Multicore Performance Analysis
| How to predict performance of a multicore real-time embedded system? |
| Multicore Performance Analysis |
- Multicore real-time system architecting and optimization for performance, low-power and cost
System architects are in charge of making crucial decisions that impact the whole project. They analyze system specifications and make design choices in terms of system architecture, hardware/software partitioning and system dimensioning. Thanks to past experiences, they have built a strong expertise in their application domain and worked on various projects. Traditionally, architects have been relying on experience, spreadsheet calculations and "gut feeling" in order to establish new or derivative architectures.
Wrong architecture choices made very early can have dramatic consequences on projects. Systems are all different and increasingly complex, integrating new technologies and functions. It's more and more difficult to handle them without computer-aided modeling and simulation that give a dynamic view on systems that spreadsheets can't deliver.
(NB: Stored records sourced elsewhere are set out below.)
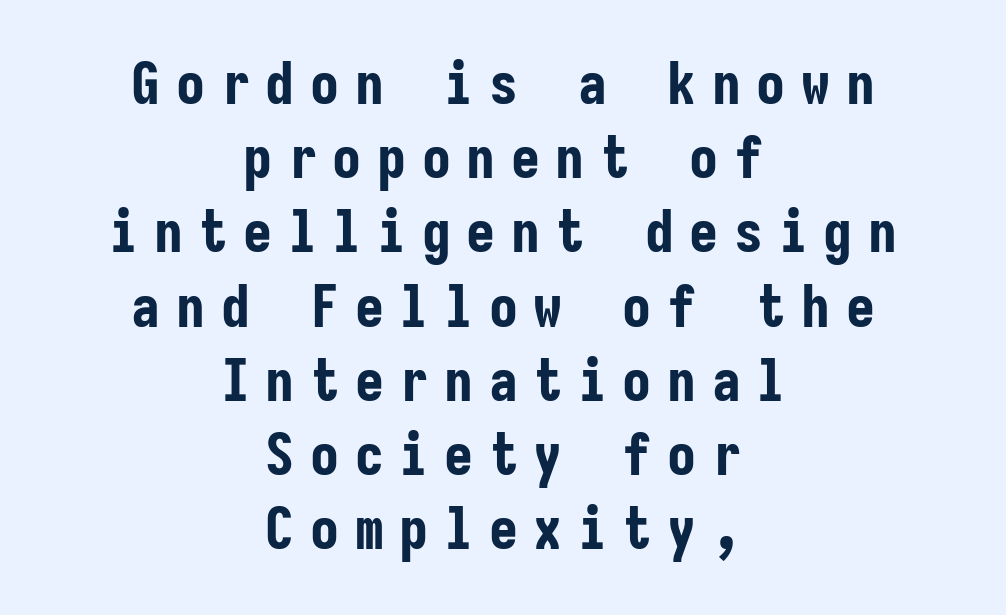
Q: Is the text bold? A: Yes.
Q: Is the text italic (slanted)? A: No, it is upright.
Q: Is the typeface a serif or a sans-serif typeface? A: Sans-serif.
Q: Is the text underlined? A: No.
Q: How is the paragraph aligned? A: Centered.
Q: Is the spacing between letters normal or unusually wide? A: Unusually wide.
Q: Is the spacing between lines tight, normal or loose? A: Normal.
Q: Width (condensed, normal, or wide)? A: Condensed.
Q: Stroke contrast? A: Low.
Q: x-height? A: Medium.
Q: Monospaced? A: Yes.

In addition, system architects deal with two distinct but complementary parts, hardware and software, usually developed by two separate teams, with their own practices and tools. As architects pass on their work to engineers who develop the system, the probability that designers introduce errors or deviate from the original vision is high. Explicit and complete executable specifications that can be easily shared and analyzed, with test cases that can be reused to validate the design, ensure correct interpretation and implementation of the design intent.
- Improving productivity
- Simplifying multicore application decomposition
- Processes and inter-process communications & synchronization
- Graphical model = implementation blueprint
- Guiding embedded designers
- Providing execution time budgets for algorithms development
- Reducing risks
- Avoiding potential real-time problems ahead-of-time
- Even before HW and SW availability
- Deadlocks, race conditions, CPU starvation, etc.
- Reducing project cancellations and delays
- Optimizing end-product
- Flexible architecture exploration free of any limitations
- Finding optimal architecture for parallel execution
- Tasks allocation, CPU loads, communications topolgy
- Tradeoff between performance and other requirements
- Memory footprint, power, cost
Low-power is the #1 challenge of embedded devices and chips design, for technical and business but also environmental reasons. New designs, in all application domains, have to be optimized for low power or they will fail. Unfortunately, power issues are too often passed-on from one stage of the design to the next, until physical designers hit the wall. In addition, power modeling and analysis is usually done separately from other design aspects: functionality, timing, performance, cost, area.
It's proven that power optimization has the largest impact at the architectural design stage, by far. 80% of total power optimization can be achieved at the architecture stage, while all other stages (system design, IC design, physical design) only count for 20% of potential power optimizations altogether. The power impact from one high-level architecture to another, including HW/SW partitioning, can be as much as 10 to 20x.
In addition, system architecting is efficient only if design parameters are taken into account all at once. Optimizing power separately from performance, cost or area doesn't make sense. Meeting the power specification but missing the timing requirements or not being able to deliver the expected functionality doesn't work either.
CoFluent Studio is the only system-level environment that allows users to create and simulate models including all aspects of the design: behavior, time budgets, application & platform architecture, HW/SW partitioning, interfaces, multicore & multitasking, communications & topologies, performance (latency, bandwidth), load (resource utilization ratio), cost, memory footprint, and power requirements. It allows users to associate static (representing powered-on needs + leakage) and dynamic (when a component is running) power laws to any application or platform-level activity (computation or communication) and component, and to partition the architecture into different power islands/domains. As the model provides a complete and dynamic picture of the system's structure and execution, power laws can be defined as simple C equations based on any other design parameters such as the load, speed or state of any element. More complex power models, either proprietary or computed through third-party tools, can also be plugged into the simulation through a dedicated API. Then CoFluent Studio computes all power laws step by step during simulation and is capable of giving a complete view of the system's power activity, globally or for each constituting element, including min, max and average power consumption values and dynamic power consumption profiles (against simulation time).